オレはその俊の態度に違和感を覚えた時…密着する下腹の辺りに硬い物が当たってる事に気づいた。

「俊…お前…勃起してんのか?」

オレはちょっと焦りつつ言うと。

「し…仕方無いだろう、こんなに身体を密着させたら…」

俊の云う通り、顔は今にもキス出来るほど近く、オレの胸は俊の胸に押し潰されそうにくっついて居る。

しかも俊の下半身はオレの両太腿の間に有って、今まさに正常位でSEXをしそうな体勢なのだった。

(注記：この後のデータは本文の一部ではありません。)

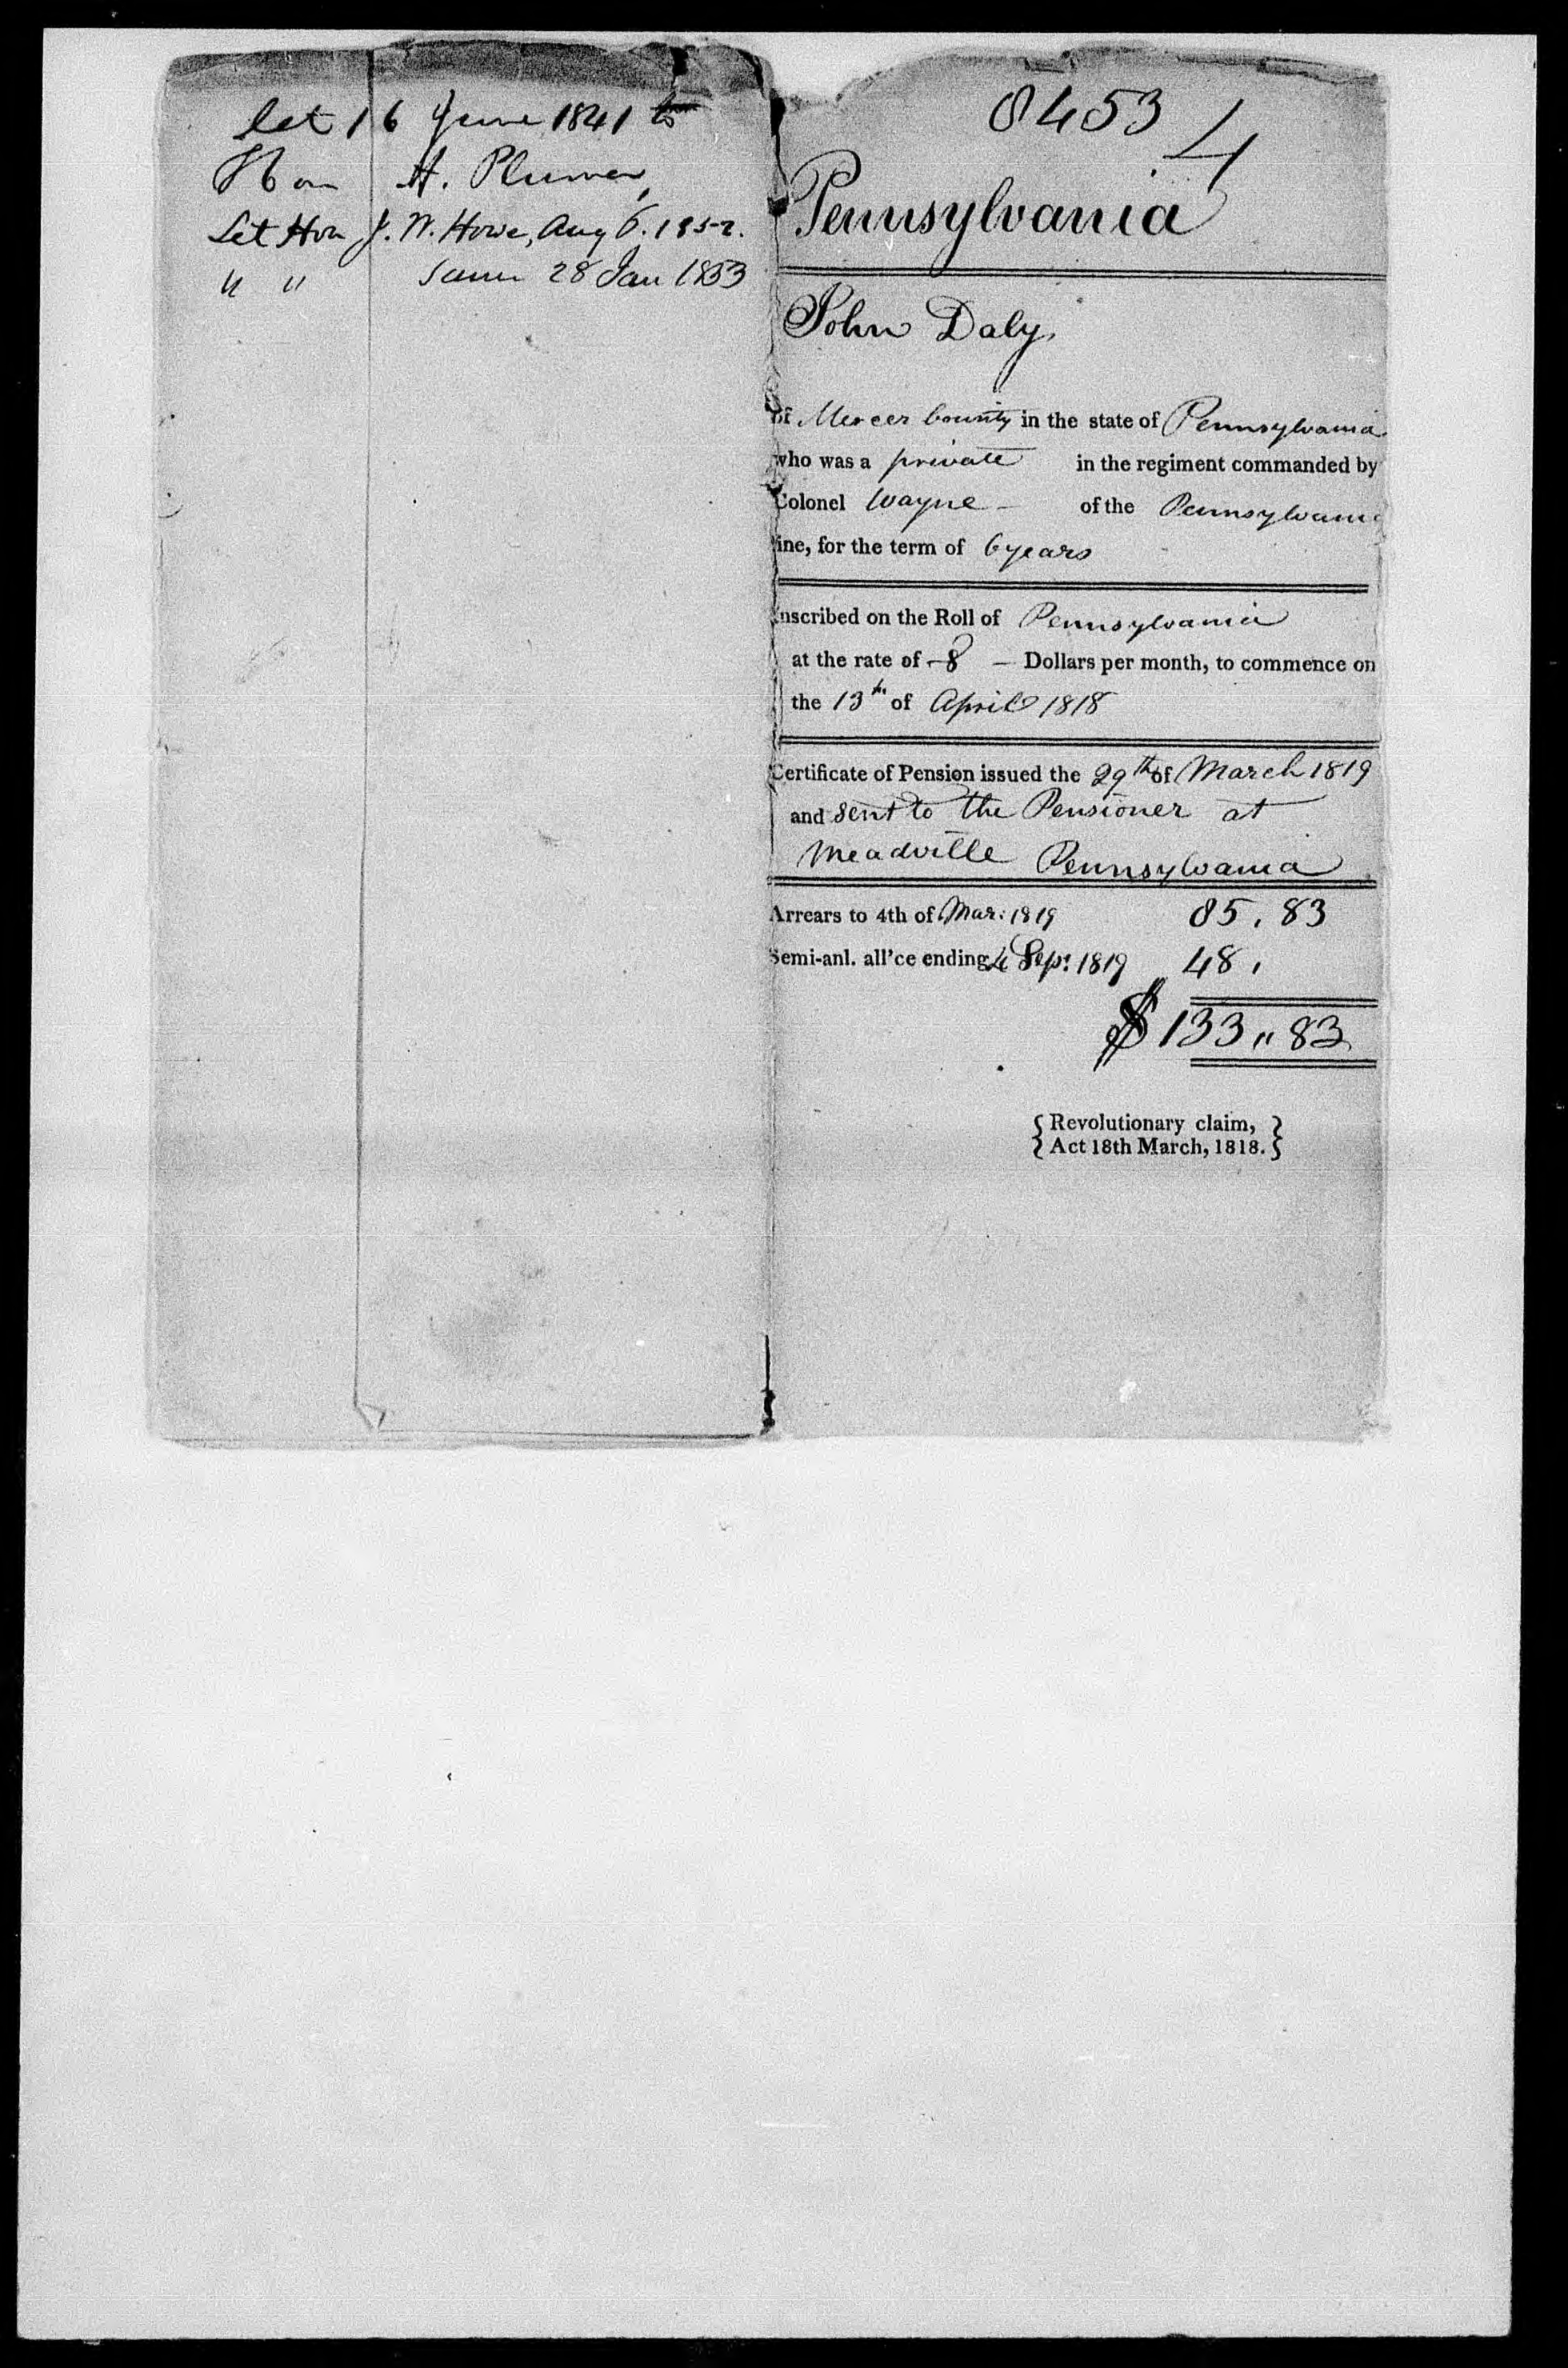let 16 June 1841 
86 on H. Plumer
Let J.M. Howe, Aug 5 1832
28 Jan 1833

0453
Pennsylvania
John Daly
0f Mercer County in the state of Pennsylvania
who was a private in the regiment commanded by colonel Wayne of the Pennsylvania 
for the term of 6 years
inscribed on the Roll of Pennsylvania at the rate of 8 Dollars per month, to commence on the 13th of April 1818
Certificate of Pension issued 29th of March 1819 and Sent to the Pensioner at Meadville Pennsylvania
Arrears to 4th of March 1819     5.83
Semi-anl. all'ce ending Sept:1819     48.
$13.83
{Revolutionary claim, Act 18th March,1818.}

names: H Plumer, Wayne, John Daly, J W Howe
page: 2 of 63
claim: widow's
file: W. 3228, John Daly, Penn.

「お前なぁ、昨日結構可愛い女子に告白されてたんだろう、その娘に悪いとか思わ無いのかよ」

オレは、股間に当たる物の気不味さを誤魔化す様に、ちょっと非難するかの様に言った。

「き…昨日のって、何故知ってんだよ!」

俊が驚いて聞き返して来る。

「あ~ちょっと、昨日マンガ部の部室まで行ったんだよ、そこで丁度お前が女子に告白されてるところでさ…でもお前等の邪魔にならない様に、オレは直ぐ帰ったんだよな」

オレはウッカリ口を滑らした事を後悔しながら、素っ惚ける様に言う。

「はぁ~、あれを見られてたのかよ」

俊は、少し呆れた様に言った。

「そ…それで、あの娘と付き合うのか?」

オレは好奇心満々の様に振る舞って聞くと。

「断ったよ」

俊は素っ気無く一言言った。

「えーっ断ったってぇ、勿体ない!」

オレは自分の中で安堵して居るのを感じながら、さも意外そうに言った。

「も…勿体ないって」

俊は…呆れ訝る様に言い返す。

「だって初めての彼女が出来るんだよ、晴れて彼女持ちになれるんだよ…まさにアオハルだよな」

オレは、自分の中の罪悪感を隠すために、更に軽口をたたく様に言う。

「イヤ…アオハルって言われても…」

俊は困った様に苦笑いをする。

「彼女が出来るって…DTを卒業出来るかもだぜ」

オレは…ちょっと(からか)う様に言うと。

「ド…DTの卒業は、ボクは真琴でしたいんだよ」

俊はオレを真っすぐ見て、そう言った。

「!………!!」

俊の真っすぐな眼差しにオレは絶句した。

「真琴、言ったよね、何時かボクとSEXしても良いって」

「う…ん」

オレは俊から視線を外して言った。

「ボクはDTを真琴で卒業して、その後も真琴とSEXをして真琴を妊娠させたいと思ってる」

俊の真摯な言葉に、オレの胸の奥と下腹の奥がキユウゥ〜ンと反応した。

「あっ、でもオレは…本当の意味での彼女にはなれないから…」

しかしオレは、昨夜思って居た事を思い出して、惑いながら言うと。

「本当の意味での彼女になれないって…?」

俊が困った様に、更に言い募ろうとした時。

「おーい、雨宮俊、小鳥遊真琴、大丈夫かぁーっ」

体育教師が、何時までも戻って来ないオレ達を心配して、体育用具室にやって来た。

程なくオレ達は、マットの下から助け出されたのだった。

そしてその日は、俊はオレから目を反らす様にして、オレも何と無く同じ様にしたのだった。